The thing nobody in our category will publish

Pull up Vendr's website. They'll cite "$X billion in savings achieved" with no methodology page behind it. Productiv's marketing talks about "compression %" as if it were a single defined number rather than a vendor-by-vendor judgment call. Zylo publishes opaque benchmarks. Tropic shows "potential savings" with no source attribution. (We walked through the architectural gap behind these in the Zylo vs Vendr vs Productiv comparison.)

None of them publish a sourced-versus-derived ratio for their compression claims. We don't think that's because they don't have one. We think it's because publishing it would force a conversation about how much of their dashboard is judgment versus citation, and that conversation is uncomfortable for any platform that hasn't built the provenance plumbing to answer honestly.

So here's our number. Public. Reproducible. 11 sourced, 671 derived, 682 total. The rest of this post explains why.

What a "compression percentage" actually is

A SeatCompress catalog row says something like Decagon compresses 60% of Zendesk Tier-1 ticket volume. That number drives every downstream calculation: how many Zendesk seats are theoretically reclaimable, what the per-tool gross savings are, whether the agent clears its unlock threshold, what the year-1 realistic line item looks like after the realization discount.

If the number is wrong — say it's actually 35% — the whole stack of CFO-facing numbers in that vendor's column is wrong too. There are three ways to get to a defensible compression %:

  1. Cite a public source. Vendor case study, analyst report, trade press citing a named customer. Apply a discount factor because vendors inflate, then clamp by agent class so a cherry-picked outlier can't pull the number above what's structurally plausible.
  2. Make a judgment call. Workflow analysis, comparable-agent reasoning, internal calibration. Be honest that it's a calibration, not a citation.
  3. Make up a number that looks plausible. This is what most platforms do. We don't.

Three years ago a CFO at a 1,500-employee company called us out on a Sierra → Zendesk row. We had 65% compression. We couldn't tell him where the number came from. He'd read three different Sierra case studies that quoted different deflection rates and wanted to know how our 65% reconciled. We didn't have a good answer, because the number was internal judgment that had been written down as if it were a fact.

That conversation is why this methodology exists.

Piece one: the deriveCompressionPct gate

Every NEW write to an AgentToolImpact row in the catalog now goes through a single function called deriveCompressionPct. The BYO AI agent dialog, the API routes, the apply scripts, and the LLM-driven catalog refresh all call into the same gate. It does two things.
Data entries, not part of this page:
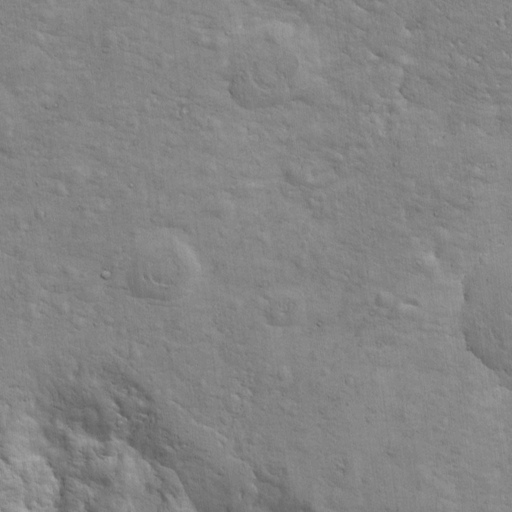
Objects detected: cone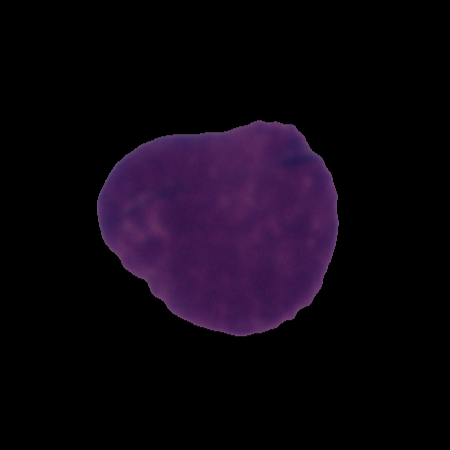
Label: cancer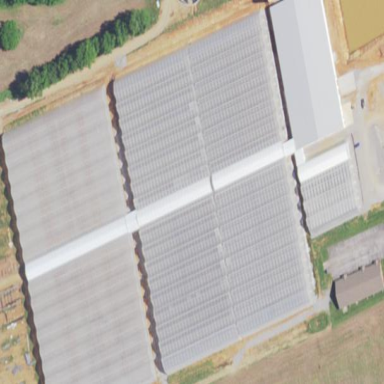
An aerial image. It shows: Area dedicated to greenhouse horticulture.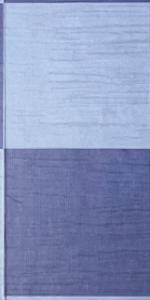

Step one: the discount factor. Take the headline claim from the source — say, Klarna says Decagon deflects 75% of inbound tickets — and multiply by a discount factor that reflects how much of the marketing number a typical customer actually realizes. Case studies (named customer, vendor-published) get a 0.70 multiplier. Vendor marketing pages ("up to 80% time savings") get 0.50 — heavier hedge against headline inflation. Analyst reports (Gartner, Forrester, IDC) get 0.85 because they've already pre-discounted against vendor claims. Trade press citing a customer interview gets 0.60. Explicit judgment passes through at 1.0 but carries an "Estimate" badge in the UI.

Klarna's 75% × 0.70 = 0.525. That's the raw derived number.

Step two: the categorical cap. Even a rock-solid case study can't push a number past the cap for the agent's class. A vertical replacement agent (Decagon, Sierra, AiSDR — designed to replace seats in a specific tool) tops out at 65%. An assistant agent (Workspace Agents, Notion AI) tops out at 30%. Augmentation (Granola for Zoom — adds value without removing seats) tops out at 20%. Horizontal AI (Claude Team, general-purpose chatbots) tops out at 15%. The cap is set at the precedent floor of the existing catalog, tight enough that a cherry-picked outlier can't break the action-plan engine downstream.

Decagon is vertical replacement. Raw 0.525 is below the 0.65 cap, so it passes. If Klarna's number had been 95%, the derived 0.665 would clamp down to the 0.65 cap and the reason field would record the clamp.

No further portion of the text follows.